Le « reste à vivre » demeure un élément clé. « À l’âge de 25 ans, certains se disent qu’ils peuvent vivre avec un faible revenu. Peut-être, mais plus tard lorsqu’ils auront une famille et des enfants, ce revenu initial ne suffira pas. Quelle est la capacité à augmenter le chiffre d’affaires ? Quelle rémunération horaire ? C’est sur ces questions que nous insistons parfois avec les agriculteurs », partage Loïc Guitton de Banque Populaire. Jean-Pierre Touzet du Crédit Agricole y ajoute la prise en compte du « risque pris » par le porteur de projet : « Nous ne pouvons pas endetter un agriculteur à hauteur de 2 millions d’euros et lui laisser un reste à vivre de 1 700 ou 1 800 € par mois ».
L’environnement de l’exploitant et de l’exploitation est également scruté. « À côté de l’analyse financière, nous prenons en compte de plus en plus l’environnement économique, social et environnemental de l’exploitation. Nous formons de plus en plus nos conseillers à cet environnement. Une exploitation en plein milieu d’habitations ou en zone inondable peut-être un sujet par exemple », souligne Loïc Guitton de Banque Populaire.

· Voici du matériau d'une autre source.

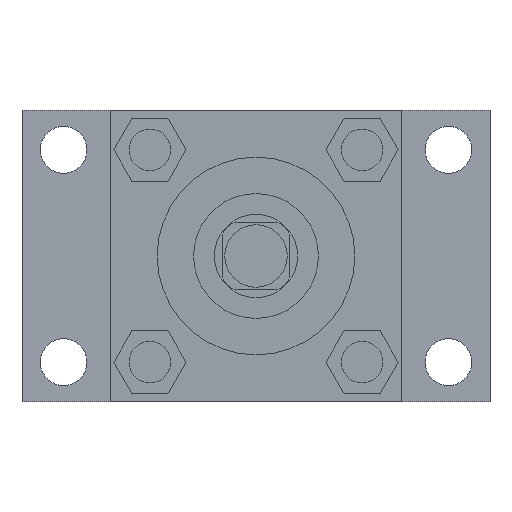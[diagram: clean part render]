
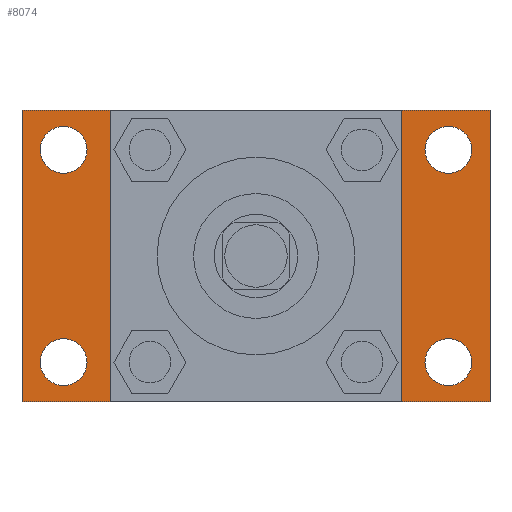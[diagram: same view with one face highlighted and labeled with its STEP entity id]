
A CAD part, front view. The second image highlights one B-rep face of the part: STEP entity #8074.
In plain terms, the highlighted face is planar.
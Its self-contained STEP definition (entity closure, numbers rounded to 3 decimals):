
#2369=EDGE_CURVE('',#2375,#2375,#2370,.T.);
#2370=CIRCLE('',#2371,36.513);
#2371=AXIS2_PLACEMENT_3D('',#2372,#2373,#2374);
#2372=CARTESIAN_POINT('',(0.,1031.875,0.));
#2373=DIRECTION('',(0.,1.,0.));
#2374=DIRECTION('',(1.,0.,0.));
#2375=VERTEX_POINT('',#2376);
#2376=CARTESIAN_POINT('',(36.513,1031.875,0.));
#2451=EDGE_CURVE('',#2457,#2457,#2452,.T.);
#2452=CIRCLE('',#2453,6.35);
#2453=AXIS2_PLACEMENT_3D('',#2454,#2455,#2456);
#2454=CARTESIAN_POINT('',(32.385,1031.875,32.385));
#2455=DIRECTION('',(0.,-1.,0.));
#2456=DIRECTION('',(-1.,0.,0.));
#2457=VERTEX_POINT('',#2458);
#2458=CARTESIAN_POINT('',(26.035,1031.875,32.385));
#2459=EDGE_CURVE('',#2465,#2465,#2460,.T.);
#2460=CIRCLE('',#2461,6.35);
#2461=AXIS2_PLACEMENT_3D('',#2462,#2463,#2464);
#2462=CARTESIAN_POINT('',(-32.385,1031.875,-32.385));
#2463=DIRECTION('',(0.,1.,0.));
#2464=DIRECTION('',(1.,0.,0.));
#2465=VERTEX_POINT('',#2466);
#2466=CARTESIAN_POINT('',(-26.035,1031.875,-32.385));
#2475=EDGE_CURVE('',#2481,#2481,#2476,.T.);
#2476=CIRCLE('',#2477,6.35);
#2477=AXIS2_PLACEMENT_3D('',#2478,#2479,#2480);
#2478=CARTESIAN_POINT('',(32.385,1031.875,-32.385));
#2479=DIRECTION('',(0.,1.,0.));
#2480=DIRECTION('',(1.,0.,0.));
#2481=VERTEX_POINT('',#2482);
#2482=CARTESIAN_POINT('',(38.735,1031.875,-32.385));
#2491=EDGE_CURVE('',#2497,#2497,#2492,.T.);
#2492=CIRCLE('',#2493,6.35);
#2493=AXIS2_PLACEMENT_3D('',#2494,#2495,#2496);
#2494=CARTESIAN_POINT('',(-32.385,1031.875,32.385));
#2495=DIRECTION('',(0.,1.,0.));
#2496=DIRECTION('',(1.,0.,0.));
#2497=VERTEX_POINT('',#2498);
#2498=CARTESIAN_POINT('',(-26.035,1031.875,32.385));
#3435=FACE_OUTER_BOUND('',#3445,.T.);
#3436=FACE_BOUND('',#3446,.T.);
#3437=FACE_BOUND('',#3447,.T.);
#3438=FACE_BOUND('',#3448,.T.);
#3439=FACE_BOUND('',#3449,.T.);
#3440=FACE_BOUND('',#3450,.T.);
#3441=FACE_BOUND('',#3451,.T.);
#3442=FACE_BOUND('',#3452,.T.);
#3443=FACE_BOUND('',#3453,.T.);
#3444=FACE_BOUND('',#3454,.T.);
#3445=EDGE_LOOP('',(#3455));
#3446=EDGE_LOOP('',(#3464));
#3447=EDGE_LOOP('',(#3473,#3474,#3475,#3476));
#3448=EDGE_LOOP('',(#3505));
#3449=EDGE_LOOP('',(#3514));
#3450=EDGE_LOOP('',(#3523));
#3451=EDGE_LOOP('',(#3532));
#3452=EDGE_LOOP('',(#3541));
#3453=EDGE_LOOP('',(#3550));
#3454=EDGE_LOOP('',(#3559));
#3455=ORIENTED_EDGE('',*,*,#2491,.T.);
#3464=ORIENTED_EDGE('',*,*,#2475,.T.);
#3473=ORIENTED_EDGE('',*,*,#3477,.T.);
#3474=ORIENTED_EDGE('',*,*,#3486,.T.);
#3475=ORIENTED_EDGE('',*,*,#3493,.T.);
#3476=ORIENTED_EDGE('',*,*,#3500,.T.);
#3477=EDGE_CURVE('',#3482,#3483,#3478,.T.);
#3478=LINE('',#3479,#3480);
#3479=CARTESIAN_POINT('',(-71.438,1031.875,-44.45));
#3480=VECTOR('',#3481,1.);
#3481=DIRECTION('',(1.,0.,0.));
#3482=VERTEX_POINT('',#3484);
#3483=VERTEX_POINT('',#3485);
#3484=CARTESIAN_POINT('',(-71.438,1031.875,-44.45));
#3485=CARTESIAN_POINT('',(71.438,1031.875,-44.45));
#3486=EDGE_CURVE('',#3483,#3491,#3487,.T.);
#3487=LINE('',#3488,#3489);
#3488=CARTESIAN_POINT('',(71.438,1031.875,-44.45));
#3489=VECTOR('',#3490,1.);
#3490=DIRECTION('',(0.,0.,1.));
#3491=VERTEX_POINT('',#3492);
#3492=CARTESIAN_POINT('',(71.438,1031.875,44.45));
#3493=EDGE_CURVE('',#3491,#3498,#3494,.T.);
#3494=LINE('',#3495,#3496);
#3495=CARTESIAN_POINT('',(71.438,1031.875,44.45));
#3496=VECTOR('',#3497,1.);
#3497=DIRECTION('',(-1.,0.,0.));
#3498=VERTEX_POINT('',#3499);
#3499=CARTESIAN_POINT('',(-71.438,1031.875,44.45));
#3500=EDGE_CURVE('',#3498,#3482,#3501,.T.);
#3501=LINE('',#3502,#3503);
#3502=CARTESIAN_POINT('',(-71.438,1031.875,44.45));
#3503=VECTOR('',#3504,1.);
#3504=DIRECTION('',(0.,0.,-1.));
#3505=ORIENTED_EDGE('',*,*,#3506,.F.);
#3506=EDGE_CURVE('',#3512,#3512,#3507,.T.);
#3507=CIRCLE('',#3508,7.15);
#3508=AXIS2_PLACEMENT_3D('',#3509,#3510,#3511);
#3509=CARTESIAN_POINT('',(-58.738,1031.875,-32.385));
#3510=DIRECTION('',(0.,-1.,0.));
#3511=DIRECTION('',(1.,0.,0.));
#3512=VERTEX_POINT('',#3513);
#3513=CARTESIAN_POINT('',(-51.587,1031.875,-32.385));
#3514=ORIENTED_EDGE('',*,*,#3515,.F.);
#3515=EDGE_CURVE('',#3521,#3521,#3516,.T.);
#3516=CIRCLE('',#3517,7.15);
#3517=AXIS2_PLACEMENT_3D('',#3518,#3519,#3520);
#3518=CARTESIAN_POINT('',(58.738,1031.875,-32.385));
#3519=DIRECTION('',(0.,-1.,0.));
#3520=DIRECTION('',(1.,0.,0.));
#3521=VERTEX_POINT('',#3522);
#3522=CARTESIAN_POINT('',(65.888,1031.875,-32.385));
#3523=ORIENTED_EDGE('',*,*,#3524,.F.);
#3524=EDGE_CURVE('',#3530,#3530,#3525,.T.);
#3525=CIRCLE('',#3526,7.15);
#3526=AXIS2_PLACEMENT_3D('',#3527,#3528,#3529);
#3527=CARTESIAN_POINT('',(58.738,1031.875,32.385));
#3528=DIRECTION('',(0.,-1.,0.));
#3529=DIRECTION('',(1.,0.,0.));
#3530=VERTEX_POINT('',#3531);
#3531=CARTESIAN_POINT('',(65.888,1031.875,32.385));
#3532=ORIENTED_EDGE('',*,*,#3533,.F.);
#3533=EDGE_CURVE('',#3539,#3539,#3534,.T.);
#3534=CIRCLE('',#3535,7.15);
#3535=AXIS2_PLACEMENT_3D('',#3536,#3537,#3538);
#3536=CARTESIAN_POINT('',(-58.738,1031.875,32.385));
#3537=DIRECTION('',(0.,-1.,0.));
#3538=DIRECTION('',(1.,0.,0.));
#3539=VERTEX_POINT('',#3540);
#3540=CARTESIAN_POINT('',(-51.587,1031.875,32.385));
#3541=ORIENTED_EDGE('',*,*,#2459,.T.);
#3550=ORIENTED_EDGE('',*,*,#2451,.T.);
#3559=ORIENTED_EDGE('',*,*,#2369,.T.);
#3568=PLANE('',#3569);
#3569=AXIS2_PLACEMENT_3D('',#3570,#3571,#3572);
#3570=CARTESIAN_POINT('',(-71.438,1031.875,-44.45));
#3571=DIRECTION('',(0.,1.,0.));
#3572=DIRECTION('',(0.,0.,1.));
#8074=ADVANCED_FACE('',(#3435,#3436,#3437,#3438,#3439,#3440,#3441,#3442,#3443,
   #3444),#3568,.F.);
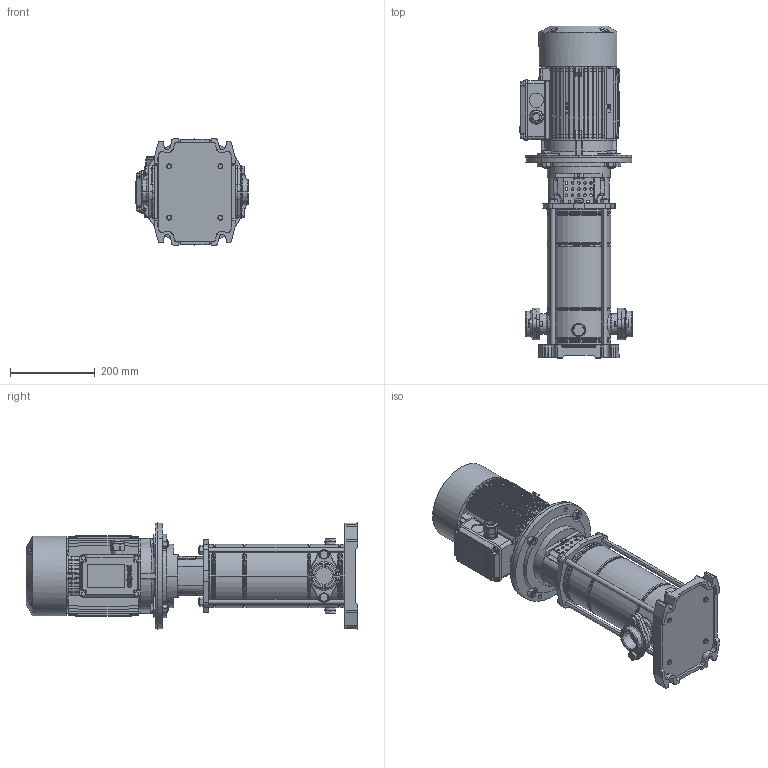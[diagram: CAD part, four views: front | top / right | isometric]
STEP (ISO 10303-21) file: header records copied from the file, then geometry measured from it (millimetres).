
FILE_DESCRIPTION (( 'STEP AP214' ), '1' );
FILE_NAME ('10008442swa01.step', '2021-06-29T15:58:38', ( '' ), ( '' ), 'SwSTEP 2.0', 'SolidWorks 2020', '' );
FILE_SCHEMA (( 'AUTOMOTIVE_DESIGN' ));
Length unit declared in the file: millimetre
Products named in the file (17): 10007654swp00; 10007670swn00_M25x1.5; 10007431swp00_Flangia mot.112; 10000005swn00_M12 õ; 10007653swp00_M12X368; 10007643swp00; 10007571swp00_90 SZ VERT; 10000016swn00_M12x25 A2-70; 4_92_266_REV00; 10008442swa01; 10007647swp00_MXV 40-906 O; 10007576swa00_M90 VERT.; 10000016swn00_M12x35 8.8; 10007568swp00_M90 B5-De250; 10008798swn00_OR3243 - 61.6x2.62 - EPDM; 10000005swn00_M12 A2-70; 10008491swp00_LAVORATO
Assembly tree (34 placements, depth 3):
  10008442swa01
    10007643swp00
    10007647swp00_MXV 40-906 O
    10007654swp00
    10007431swp00_Flangia mot.112
    10007653swp00_M12X368  x4
    10000005swn00_M12 õ  x4
    4_92_266_REV00  x2
    10007576swa00_M90 VERT.
      10007568swp00_M90 B5-De250
      10007571swp00_90 SZ VERT
      10007670swn00_M25x1.5
    10000005swn00_M12 A2-70  x4
    10000016swn00_M12x35 8.8  x4
    10008798swn00_OR3243 - 61.6x2.62 - EPDM  x2
    10008491swp00_LAVORATO  x2
    10000016swn00_M12x25 A2-70  x4
Bounding box: 265.2 x 782.5 x 250 mm (x, y, z)
Volume: 16790344 mm3; surface area: 1513426.9 mm2
Topology: 55 solids, 56 shells, 2871 faces, 7201 edges, 4500 vertices
Faces by surface type: plane 1315, cylinder 745, cone 453, torus 178, bspline 172, sphere 8
Entity records: 79435 total; most frequent: CARTESIAN_POINT 20858, ORIENTED_EDGE 12042, DIRECTION 11534, EDGE_CURVE 6021, AXIS2_PLACEMENT_3D 4101, VERTEX_POINT 3829, LINE 3332, VECTOR 3332

Montrer sa solidité face aux à-coups
La capacité à affronter les chocs d’une carrière est évaluée par les banques. « Notre idée, depuis de nombreuses années, est de juger la capacité de résistance et de résilience des exploitations face aux crises qu’elles soient climatiques, économiques ou sanitaires », révèle Sébastien Prin du Crédit Mutuel. Pour renforcer cette résilience, « il y aura peut-être la tendance demain à renforcer les fonds propres de l’entreprise, c’est-à-dire en alimentant l’épargne de l’entreprise, en augmentant son capital social », indique Loïc Guitton de Banque Populaire. L’assurance aussi l’un des leviers identifiés. Tandis que le Crédit Agricole souhaite continuer à développer ses solutions en la matière, « une grande partie du Crédit Mutuel se lance dans les assurances agricoles avec gamme complète » pour « pouvoir proposer (ses) propres outils d’assurance ».
Résister aux à-coups, c’est aussi faire preuve de flexibilité. Les banques développent la modularité des crédits pour accorder de la souplesse. Ces options permettent à leurs clients de modifier leurs échéances à la hausse ou à la baisse, ou de rallonger la durée du crédit dans une certaine proportion.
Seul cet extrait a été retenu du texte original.